◆ Task objective:
Reproduce the records below exactly from their first line through the line containing "[0:12.2-0:16.8]", omitting all pictures.

◆ Dataset:
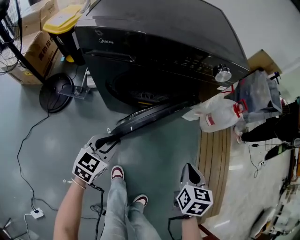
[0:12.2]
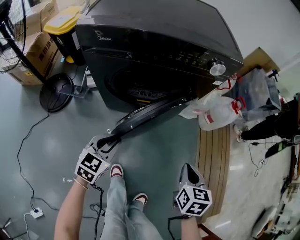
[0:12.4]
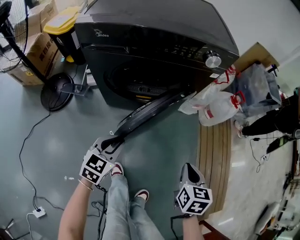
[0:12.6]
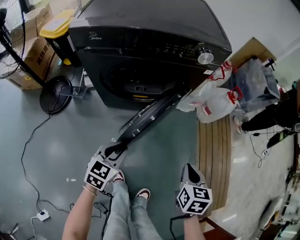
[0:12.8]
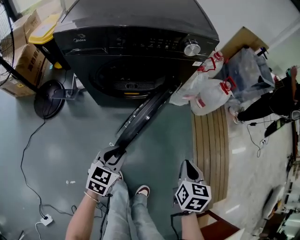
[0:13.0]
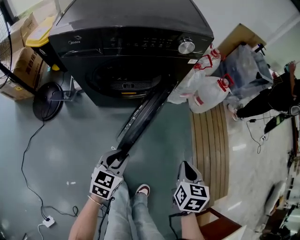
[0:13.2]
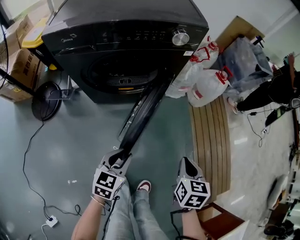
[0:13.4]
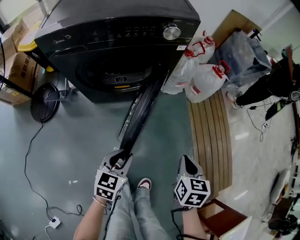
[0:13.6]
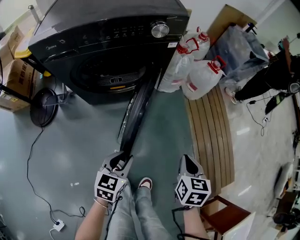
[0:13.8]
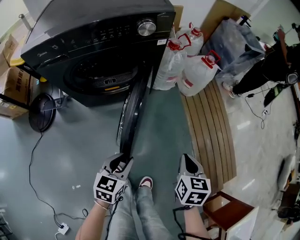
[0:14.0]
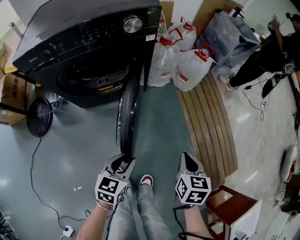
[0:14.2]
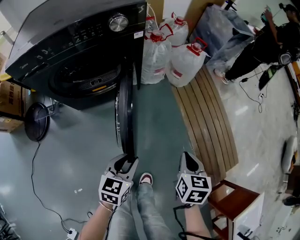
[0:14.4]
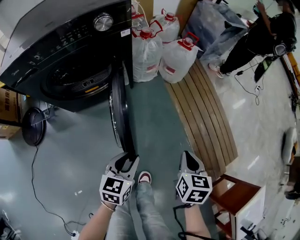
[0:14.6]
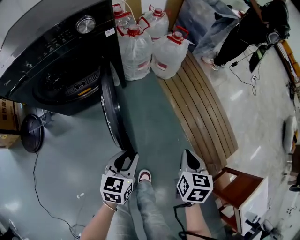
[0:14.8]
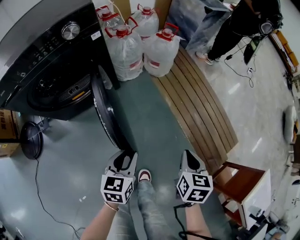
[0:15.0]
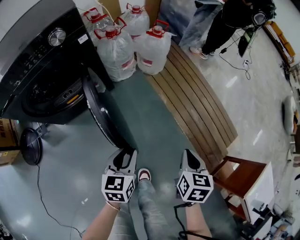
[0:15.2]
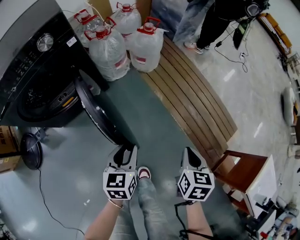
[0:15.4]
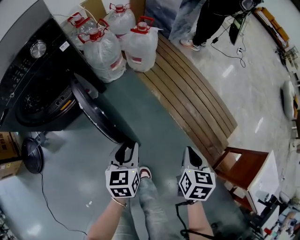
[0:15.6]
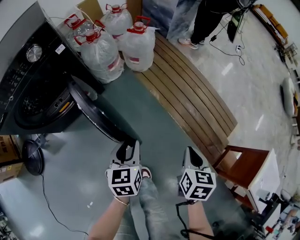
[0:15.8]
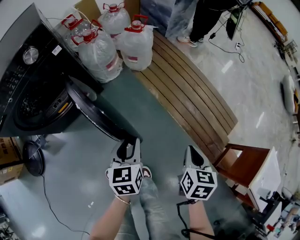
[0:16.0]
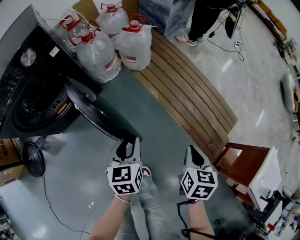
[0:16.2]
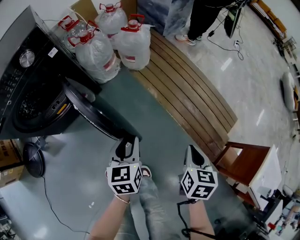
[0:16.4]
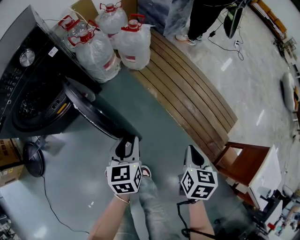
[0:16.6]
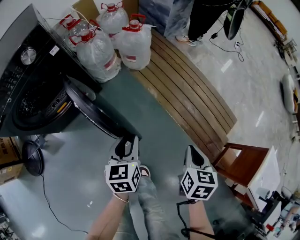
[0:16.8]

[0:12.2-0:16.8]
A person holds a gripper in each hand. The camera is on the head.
0:12.2 to 0:13.8: The left gripper goes roughly 20 cm to the right; the right gripper travels to the right and backward by about 15 cm.
0:13.8 to 0:15.2: The left gripper shifts roughly 15 cm to the right and forward; the right gripper moves to the right, some 15 cm, and changes its angle by about 20 degrees.
0:15.2 to 0:16.8: The left gripper travels forward and to the right by roughly 10 cm; the right gripper goes about 10 cm to the right.

◆ Result of this task:
[0:12.2]
[0:12.4]
[0:12.6]
[0:12.8]
[0:13.0]
[0:13.2]
[0:13.4]
[0:13.6]
[0:13.8]
[0:14.0]
[0:14.2]
[0:14.4]
[0:14.6]
[0:14.8]
[0:15.0]
[0:15.2]
[0:15.4]
[0:15.6]
[0:15.8]
[0:16.0]
[0:16.2]
[0:16.4]
[0:16.6]
[0:16.8]

[0:12.2-0:16.8]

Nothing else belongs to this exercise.